3D micro-CT image of cichlid fish samples for genetic analysis
Data files
Aug 31, 2023 version files 16.75 GB
-
D25-E10_180613-processed-AP.zip
731.81 MB
-
D25-E10_180613-processed-DV.zip
710.71 MB
-
D25-E10_180613-processed-LR.zip
716.96 MB
-
D25-E10_raw_AP.zip
14.59 GB
-
README.md
2.75 KB
Abstract
The number of Genome-Wide Association Studies (GWAS) has been growing rapidly in recent years due to developments in genotyping and sequencing platforms. When applied to quantitative traits, these and other statistical genetics approaches require large amounts of consistently and accurately measured phenotypes. Using the data shared here, we introduce a computational toolbox based on deep convolutional neural networks that we have developed to phenotype quantitative traits describing morphology from micro-CT-scan image datasets. We illustrate the use of this Deep Learning Phenotyper (DLP) on a sample set of craniofacial CT scans of 118 samples from two very closely related species of Lake Malawi cichlid fish, Maylandia zebra and Cynotilapia zebroides. We show that the pipeline constructed and implemented here is capable of measuring morphological skeletal phenotypes with high accuracy. We also demonstrate how this pipeline can be integrated with existing GWAS frameworks to identify candidate association loci. We believe the methods we present here will be valuable for groups studying quantitative morphological traits not only in fishes, but in other vertebrates using CT scan datasets. The data shared here is an example dataset containing both the primary CT data for a sample (as an Anterior-Posterior image stack), and the denoised and compressed image stacks in all three orientations (AP, Left-Right, and Dorsal-Ventral) which are generated by the initial preprocessing steps described in the paper.
README: ZebraAfra
The data provided here is an example image stack for a Maylandia zebra fish sample. The image stack for both the raw CT scan projections and the computed tomography images are provided in the Anterior-Posterior projection. These raw images were pre-processed using the pipeline described in our paper and three sets of image stacks were generated for each standard projection: Anterior-Posterior (AP), Left-Right (LR), and Dorsal-Ventral (DV).
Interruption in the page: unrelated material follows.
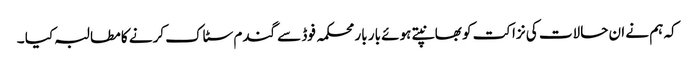
کہ ہم نے ان حالات کی نزاکت کو بھانپتے ہوئے بار بار محکمہ فوڈ سے گندم سٹاک کرنے کا مطالبہ کیا ۔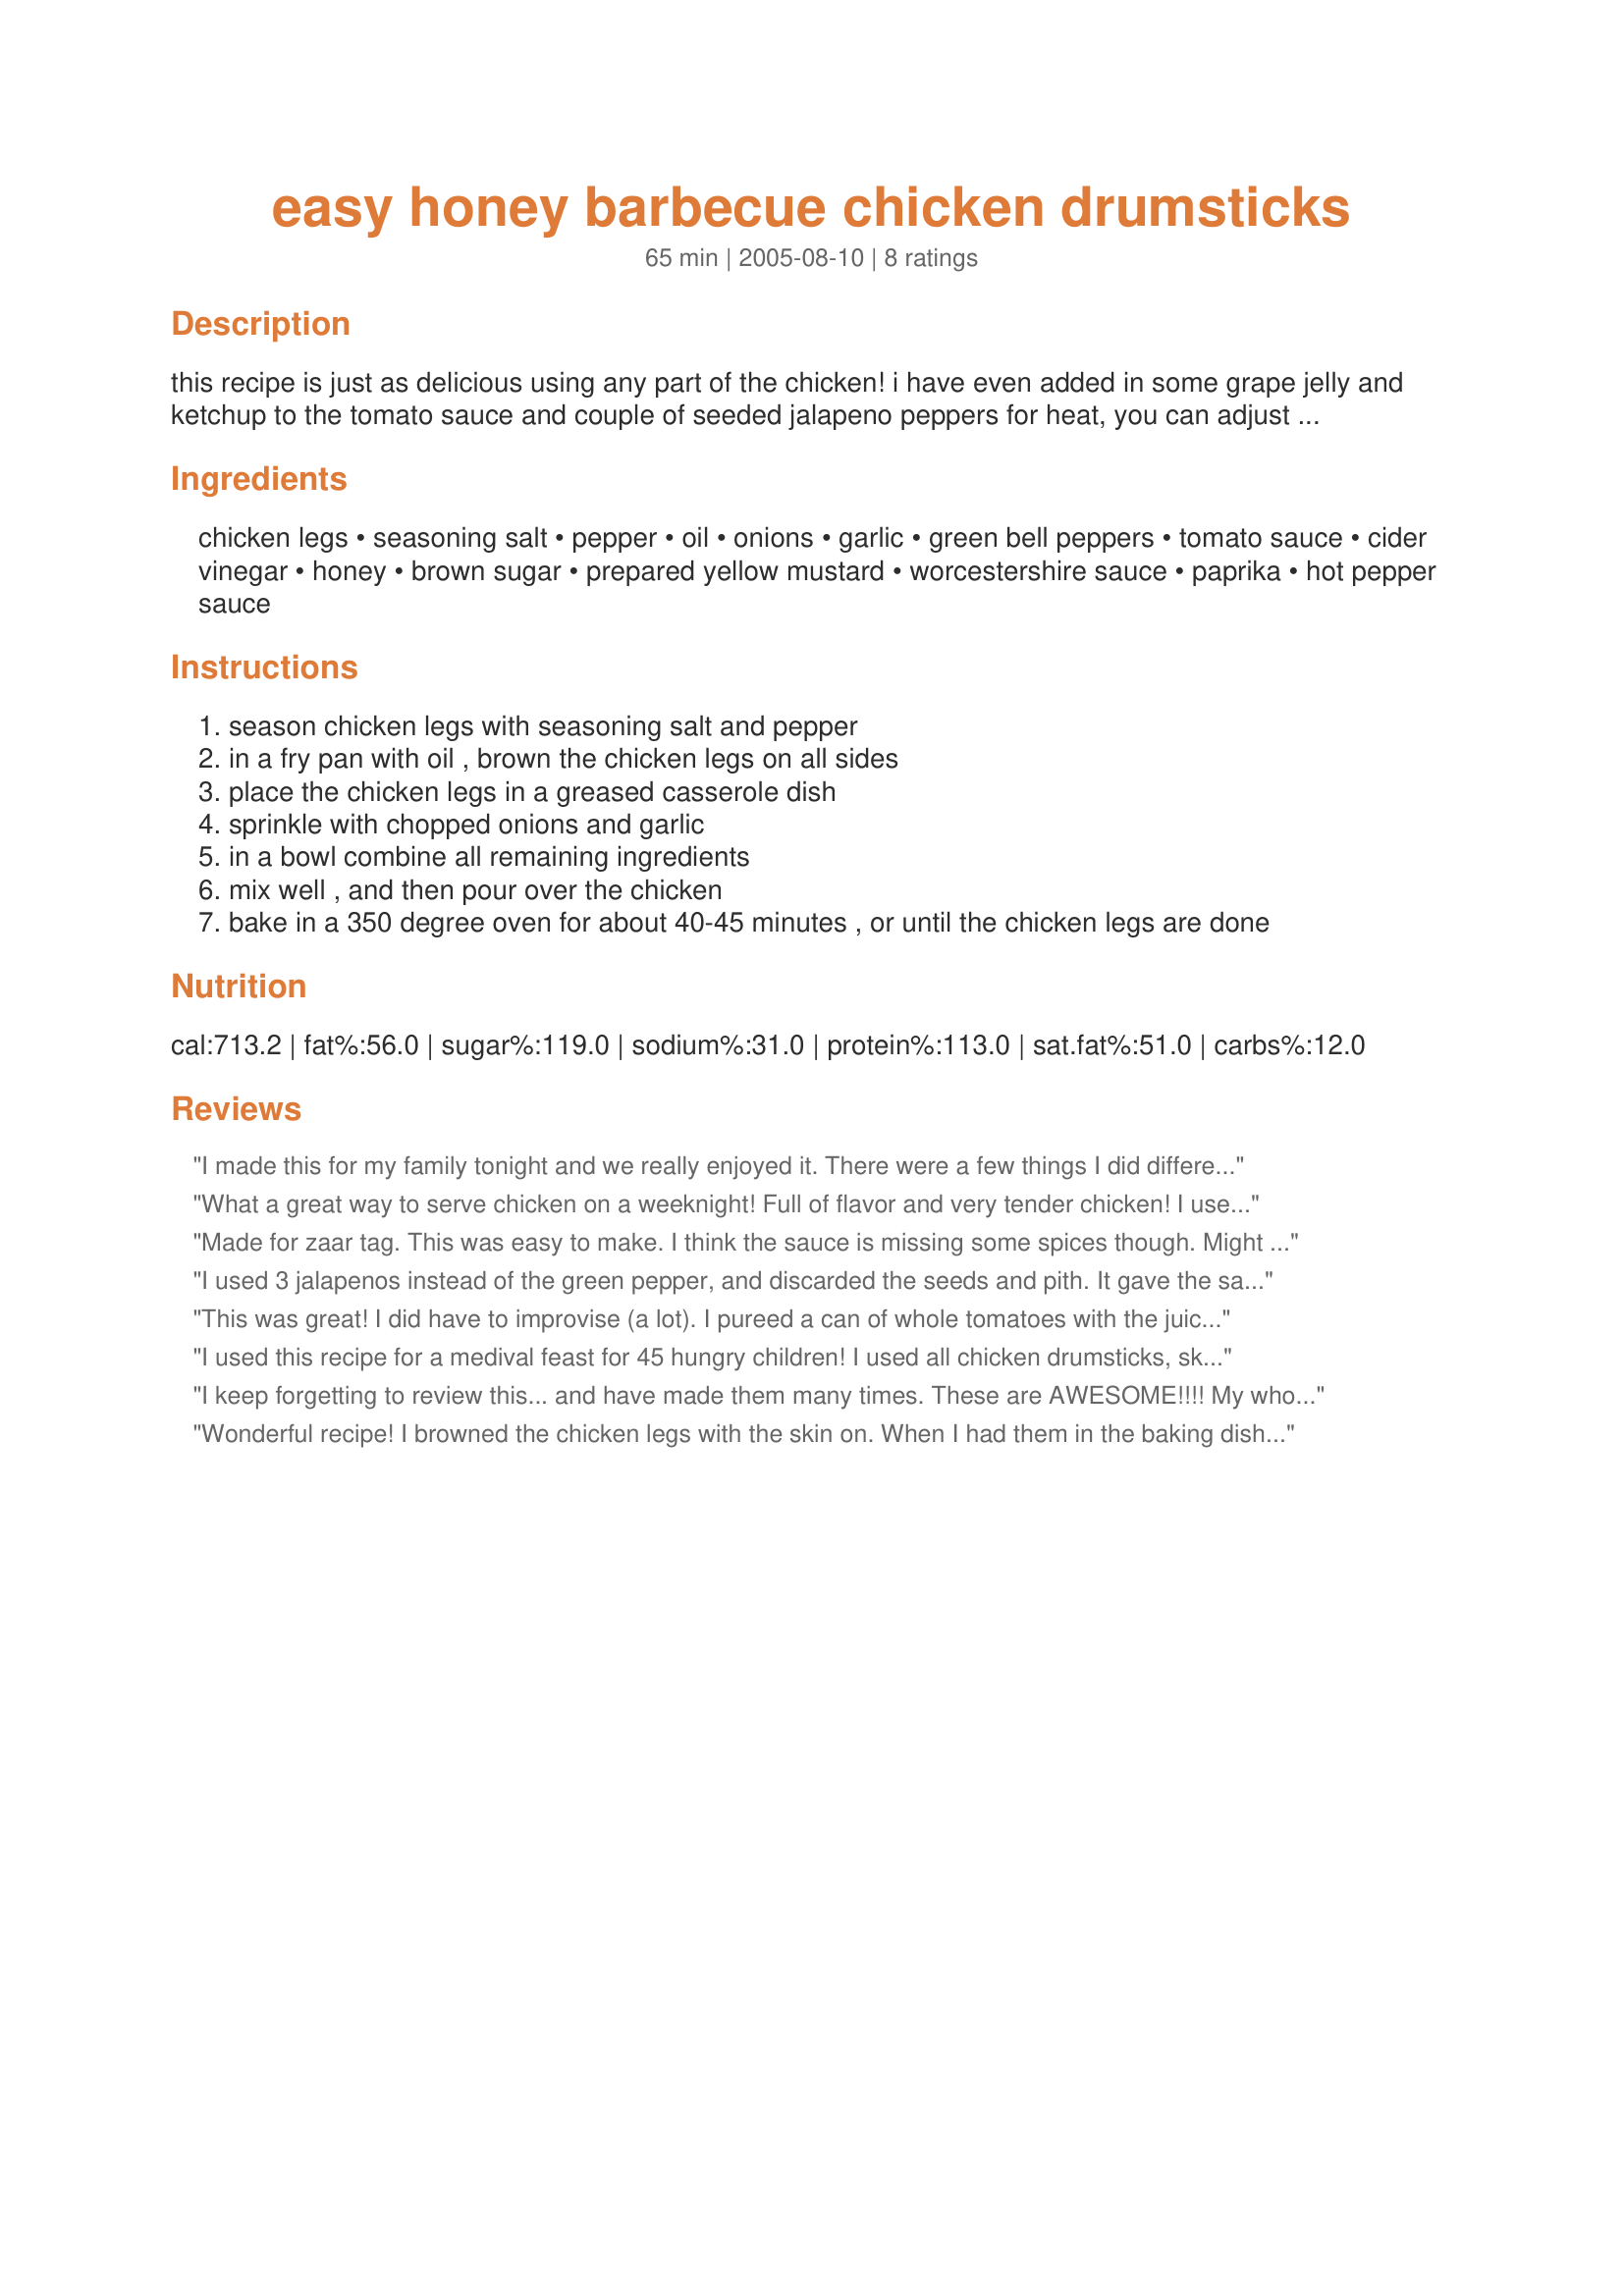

Description of the Data and file structure
The main directory contains the following directories, within which the processed and raw data files are stored:
- Raw images
- CentreSlice
- Sinogram - Contains the Sinogram images used for backpropagation
- D25-E10 Skull.ct2dprofile.xml - Contains the specifications of the CT scanner such as the voxel sizes, offset of scanner and X-ray source, etc
- D25-E10 Skull.xtek2dct - Contains the specifications of the CT scanner such as the voxel sizes, offset of scanner and X-ray source, etc
- D25-E10 Skull_01
- [vg-project] D25-E10 Skull - Contains the VGP files that specify the structure of the data when images are opened with different softwares
- D25-E10 Skull_0000.tif - D25-E10 Skull_1888.tif - All the computed tomography images generated through back-calculation of X-ray absorption.
- D25-E10 Skull.vgl - The VGL file that specify the structure of the data when images are opened with different softwares
- D25-E10 Skull_0001.tif - D25-E10 Skull_1081.tif - All the raw projections that were collected by the CT scanner through rotations around the fish.
- D25-E10 Skull.xtekct - Contains the specifications of the CT scanner such as the voxel sizes, offset of scanner and X-ray source, etc
- _ctdata.txt - This file specifies the number of projections and the angle between them that the scanner has used to generate raw projections.
- D25-E10 Skull.ctprofile.xml - Contains the specifications of the CT scanner such as the voxel sizes, offset of scanner and X-ray source, etc
- CentreSlice
- D25-E10_180613-processed-AP
- D25-E10 Skull_0000.jpg - D25-E10 Skull_1888.jpg - All the compressed, de-noised, and processed images for the same fish along the Anterior-Posterior axis.
- D25-E10_180613-processed-LR
- 0001.jpg - 1239.jpg - All the compressed, de-noised, and processed images for the same fish along the Left-Right axis.
- D25-E10_180613-processed-DV
- 0001.jpg - 2000.jpg - All the compressed, de-noised, and processed images for the same fish along the Dorsal-Ventral axis.
Sharing/Access Information
This example data set is publicly available for anyone to download, view, and use to run the DLP pipeline we developed.
Methods
The data was collected through three field trips to Lake Malawi, where fish samples were collected from four different locations: 1)Thumbi West, 2) Nkhata Bay, 3)Otter Point, and 4) Chiofu. The fish collected were then brought to the University of Cambridge, where they were fixed in formaldehyde and ethanol, and scanned at the Cambridge Biotomography Centre using a Nikon XT 225 ST micro-CT scanner.